WHAT IS BEING ASKED: Each line of the data below that holds the word "stroke" is to be reported in full.

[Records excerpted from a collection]

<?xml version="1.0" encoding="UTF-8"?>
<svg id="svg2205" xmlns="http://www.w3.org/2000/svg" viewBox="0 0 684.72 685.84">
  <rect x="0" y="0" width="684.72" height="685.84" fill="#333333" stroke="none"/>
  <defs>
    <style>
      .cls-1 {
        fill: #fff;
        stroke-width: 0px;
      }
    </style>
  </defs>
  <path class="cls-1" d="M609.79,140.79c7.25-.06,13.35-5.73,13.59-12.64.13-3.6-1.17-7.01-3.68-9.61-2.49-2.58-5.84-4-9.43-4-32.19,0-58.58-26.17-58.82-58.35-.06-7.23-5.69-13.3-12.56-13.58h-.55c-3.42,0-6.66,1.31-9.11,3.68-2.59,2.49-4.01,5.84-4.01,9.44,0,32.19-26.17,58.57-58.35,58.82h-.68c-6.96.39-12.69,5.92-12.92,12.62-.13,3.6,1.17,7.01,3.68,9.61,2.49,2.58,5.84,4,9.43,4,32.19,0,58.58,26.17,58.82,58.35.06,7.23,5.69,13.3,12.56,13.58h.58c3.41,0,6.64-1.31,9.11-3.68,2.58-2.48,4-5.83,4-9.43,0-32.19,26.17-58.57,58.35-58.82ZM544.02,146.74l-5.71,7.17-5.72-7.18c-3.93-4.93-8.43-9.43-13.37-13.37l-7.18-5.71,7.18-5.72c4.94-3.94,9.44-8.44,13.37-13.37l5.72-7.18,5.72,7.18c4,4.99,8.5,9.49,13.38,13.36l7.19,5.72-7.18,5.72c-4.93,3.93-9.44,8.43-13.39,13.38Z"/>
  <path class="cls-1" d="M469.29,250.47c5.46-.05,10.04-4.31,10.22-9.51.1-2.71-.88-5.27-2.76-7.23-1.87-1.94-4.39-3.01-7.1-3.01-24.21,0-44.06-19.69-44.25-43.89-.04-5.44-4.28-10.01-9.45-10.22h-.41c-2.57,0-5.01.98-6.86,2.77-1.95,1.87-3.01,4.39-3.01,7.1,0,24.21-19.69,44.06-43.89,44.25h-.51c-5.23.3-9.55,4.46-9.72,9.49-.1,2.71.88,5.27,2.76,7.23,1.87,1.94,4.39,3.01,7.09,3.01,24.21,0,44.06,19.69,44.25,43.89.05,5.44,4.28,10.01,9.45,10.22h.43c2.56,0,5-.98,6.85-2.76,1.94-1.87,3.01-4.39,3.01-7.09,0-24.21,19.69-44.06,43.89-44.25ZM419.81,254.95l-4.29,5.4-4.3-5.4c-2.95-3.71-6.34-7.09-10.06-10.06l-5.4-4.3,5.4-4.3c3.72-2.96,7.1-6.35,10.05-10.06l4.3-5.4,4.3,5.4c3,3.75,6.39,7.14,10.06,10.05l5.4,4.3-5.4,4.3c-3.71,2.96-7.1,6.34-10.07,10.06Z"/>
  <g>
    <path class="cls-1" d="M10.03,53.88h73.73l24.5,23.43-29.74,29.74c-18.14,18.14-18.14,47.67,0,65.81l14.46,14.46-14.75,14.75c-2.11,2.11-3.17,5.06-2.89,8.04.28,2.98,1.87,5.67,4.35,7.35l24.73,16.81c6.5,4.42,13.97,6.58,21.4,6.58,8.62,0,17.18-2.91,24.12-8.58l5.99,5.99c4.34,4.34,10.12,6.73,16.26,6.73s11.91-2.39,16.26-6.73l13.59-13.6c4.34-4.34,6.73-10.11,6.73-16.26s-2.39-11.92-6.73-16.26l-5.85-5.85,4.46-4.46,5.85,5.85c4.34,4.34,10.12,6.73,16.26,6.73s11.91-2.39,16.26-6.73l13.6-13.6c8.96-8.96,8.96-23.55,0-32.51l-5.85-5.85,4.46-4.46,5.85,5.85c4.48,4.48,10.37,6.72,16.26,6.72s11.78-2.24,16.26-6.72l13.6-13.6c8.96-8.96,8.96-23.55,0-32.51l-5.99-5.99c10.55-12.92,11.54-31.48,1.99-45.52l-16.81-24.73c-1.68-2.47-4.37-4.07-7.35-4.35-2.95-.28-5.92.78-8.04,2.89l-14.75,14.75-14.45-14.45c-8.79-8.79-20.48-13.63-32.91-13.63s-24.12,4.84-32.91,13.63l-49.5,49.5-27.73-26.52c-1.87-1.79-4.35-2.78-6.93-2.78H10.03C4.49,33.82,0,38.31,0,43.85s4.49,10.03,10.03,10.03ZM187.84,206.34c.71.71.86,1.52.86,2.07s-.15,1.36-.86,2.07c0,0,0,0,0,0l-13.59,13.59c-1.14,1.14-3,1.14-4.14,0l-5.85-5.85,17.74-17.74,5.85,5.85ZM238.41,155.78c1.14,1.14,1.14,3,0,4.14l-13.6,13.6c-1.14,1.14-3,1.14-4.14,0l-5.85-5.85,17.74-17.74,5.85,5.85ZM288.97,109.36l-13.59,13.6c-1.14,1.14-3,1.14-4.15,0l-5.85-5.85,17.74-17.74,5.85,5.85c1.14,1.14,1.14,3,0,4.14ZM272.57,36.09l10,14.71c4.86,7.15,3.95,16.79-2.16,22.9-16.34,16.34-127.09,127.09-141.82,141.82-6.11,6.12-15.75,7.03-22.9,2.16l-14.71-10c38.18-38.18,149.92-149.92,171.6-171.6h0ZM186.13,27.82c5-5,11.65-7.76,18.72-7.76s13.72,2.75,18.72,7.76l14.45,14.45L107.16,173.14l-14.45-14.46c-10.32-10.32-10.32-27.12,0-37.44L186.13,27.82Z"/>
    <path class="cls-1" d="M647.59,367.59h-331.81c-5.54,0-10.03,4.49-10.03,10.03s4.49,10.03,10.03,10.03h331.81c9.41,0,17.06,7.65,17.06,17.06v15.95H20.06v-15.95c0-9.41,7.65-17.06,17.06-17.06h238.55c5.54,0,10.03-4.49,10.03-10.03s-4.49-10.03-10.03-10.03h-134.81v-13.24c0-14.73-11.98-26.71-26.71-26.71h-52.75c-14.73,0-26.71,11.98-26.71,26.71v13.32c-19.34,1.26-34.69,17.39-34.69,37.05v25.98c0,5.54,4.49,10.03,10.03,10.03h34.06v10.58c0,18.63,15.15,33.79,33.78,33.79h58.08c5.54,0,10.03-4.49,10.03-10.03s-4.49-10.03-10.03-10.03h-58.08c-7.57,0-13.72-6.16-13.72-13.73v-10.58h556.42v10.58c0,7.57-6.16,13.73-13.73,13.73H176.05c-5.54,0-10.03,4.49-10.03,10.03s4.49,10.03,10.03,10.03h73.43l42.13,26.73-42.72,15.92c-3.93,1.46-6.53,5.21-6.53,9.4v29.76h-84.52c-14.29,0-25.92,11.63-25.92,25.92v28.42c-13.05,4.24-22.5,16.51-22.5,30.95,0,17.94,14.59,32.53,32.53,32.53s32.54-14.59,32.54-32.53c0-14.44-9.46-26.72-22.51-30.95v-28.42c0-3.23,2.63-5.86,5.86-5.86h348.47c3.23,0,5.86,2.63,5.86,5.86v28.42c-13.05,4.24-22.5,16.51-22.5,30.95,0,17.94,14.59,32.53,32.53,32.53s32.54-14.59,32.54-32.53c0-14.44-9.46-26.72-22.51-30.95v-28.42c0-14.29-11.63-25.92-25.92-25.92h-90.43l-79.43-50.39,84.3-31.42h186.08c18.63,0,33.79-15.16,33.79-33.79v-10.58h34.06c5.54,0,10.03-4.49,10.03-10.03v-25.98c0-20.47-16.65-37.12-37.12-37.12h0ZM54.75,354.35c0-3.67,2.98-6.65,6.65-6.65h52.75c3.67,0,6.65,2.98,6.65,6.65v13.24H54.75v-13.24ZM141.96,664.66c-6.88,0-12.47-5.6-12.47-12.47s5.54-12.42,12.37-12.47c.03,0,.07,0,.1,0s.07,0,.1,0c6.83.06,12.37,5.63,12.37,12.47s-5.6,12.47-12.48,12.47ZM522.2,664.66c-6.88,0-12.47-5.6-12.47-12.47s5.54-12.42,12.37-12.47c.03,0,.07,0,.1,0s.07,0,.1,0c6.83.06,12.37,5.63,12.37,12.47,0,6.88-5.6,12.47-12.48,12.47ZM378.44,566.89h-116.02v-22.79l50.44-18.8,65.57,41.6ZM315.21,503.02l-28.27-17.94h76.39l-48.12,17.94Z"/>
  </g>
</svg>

RESULT FOR THIS EXERCISE:
  <rect x="0" y="0" width="684.72" height="685.84" fill="#333333" stroke="none"/>
        stroke-width: 0px;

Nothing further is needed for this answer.